→ Exercise aim: Below are records to print word for word; include none of their pictures.

Provided data Start Marker

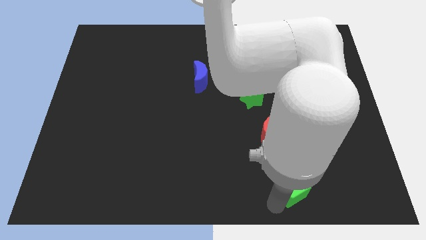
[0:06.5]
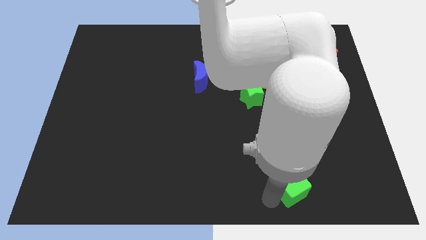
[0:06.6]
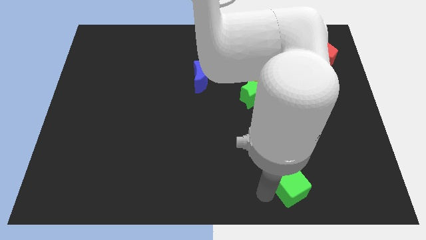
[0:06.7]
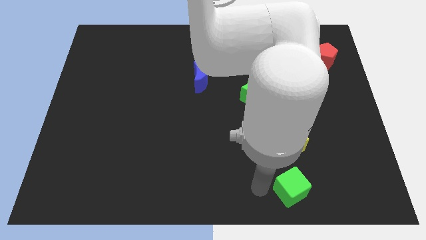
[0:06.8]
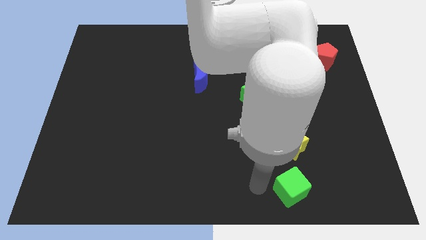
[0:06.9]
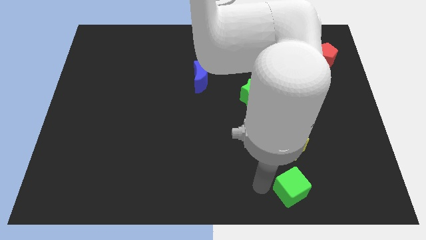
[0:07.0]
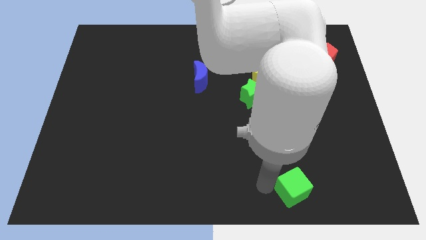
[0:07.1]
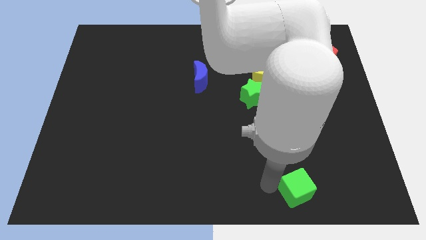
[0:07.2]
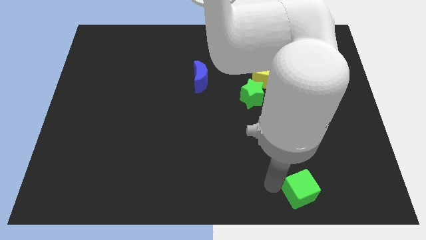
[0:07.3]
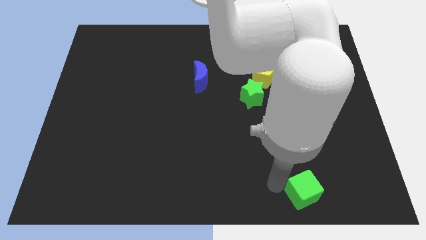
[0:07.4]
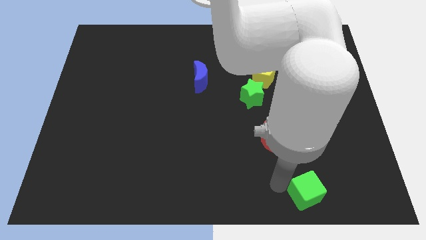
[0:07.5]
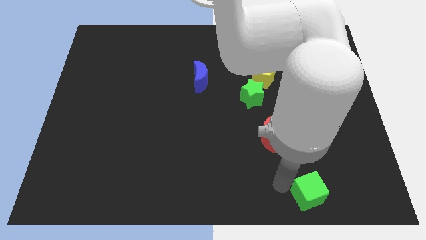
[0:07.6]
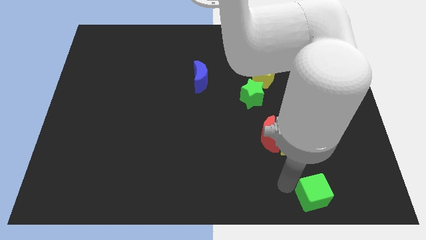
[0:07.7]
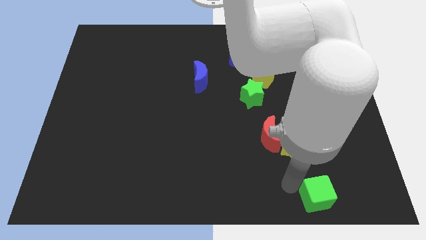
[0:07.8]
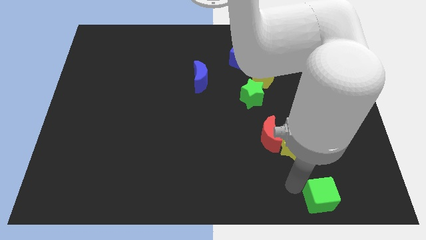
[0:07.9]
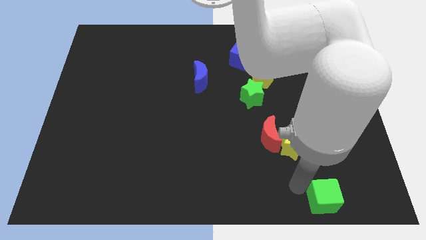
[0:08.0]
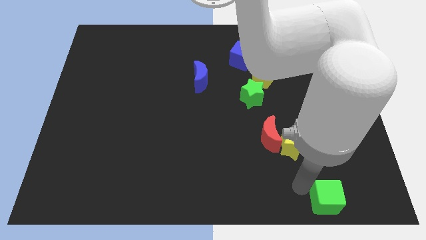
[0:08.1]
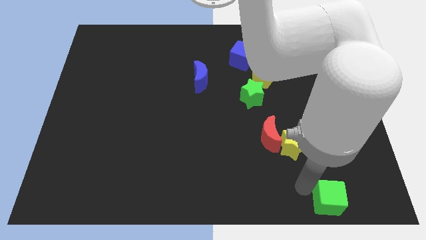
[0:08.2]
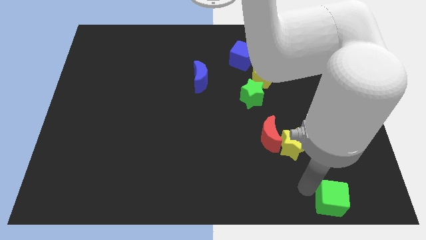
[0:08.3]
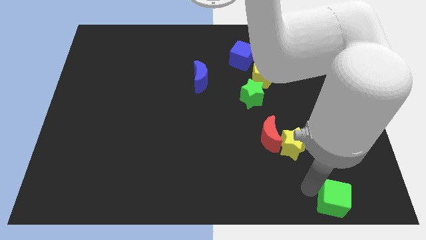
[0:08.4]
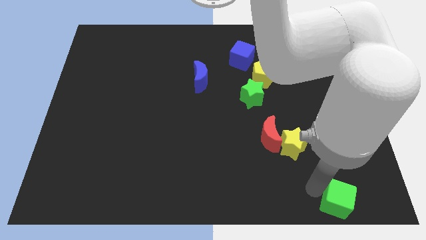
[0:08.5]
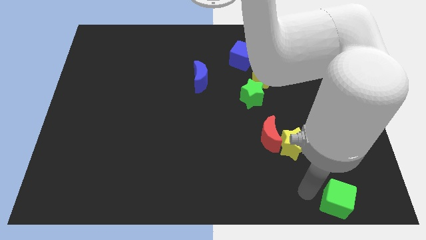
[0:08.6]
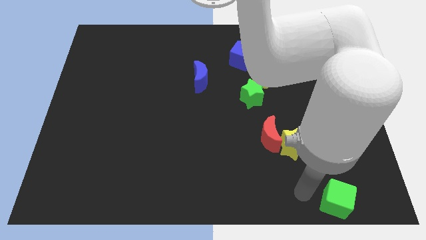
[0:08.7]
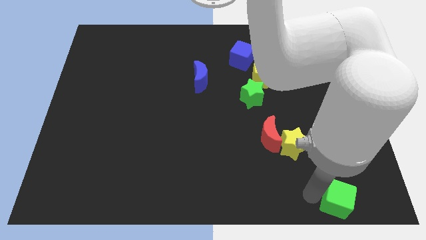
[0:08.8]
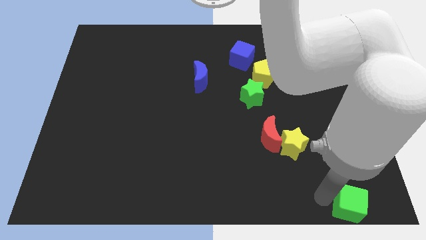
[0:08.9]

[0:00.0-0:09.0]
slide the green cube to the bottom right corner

Provided data End Marker

→ Output for this task:
[0:06.5]
[0:06.6]
[0:06.7]
[0:06.8]
[0:06.9]
[0:07.0]
[0:07.1]
[0:07.2]
[0:07.3]
[0:07.4]
[0:07.5]
[0:07.6]
[0:07.7]
[0:07.8]
[0:07.9]
[0:08.0]
[0:08.1]
[0:08.2]
[0:08.3]
[0:08.4]
[0:08.5]
[0:08.6]
[0:08.7]
[0:08.8]
[0:08.9]

[0:00.0-0:09.0]
slide the green cube to the bottom right corner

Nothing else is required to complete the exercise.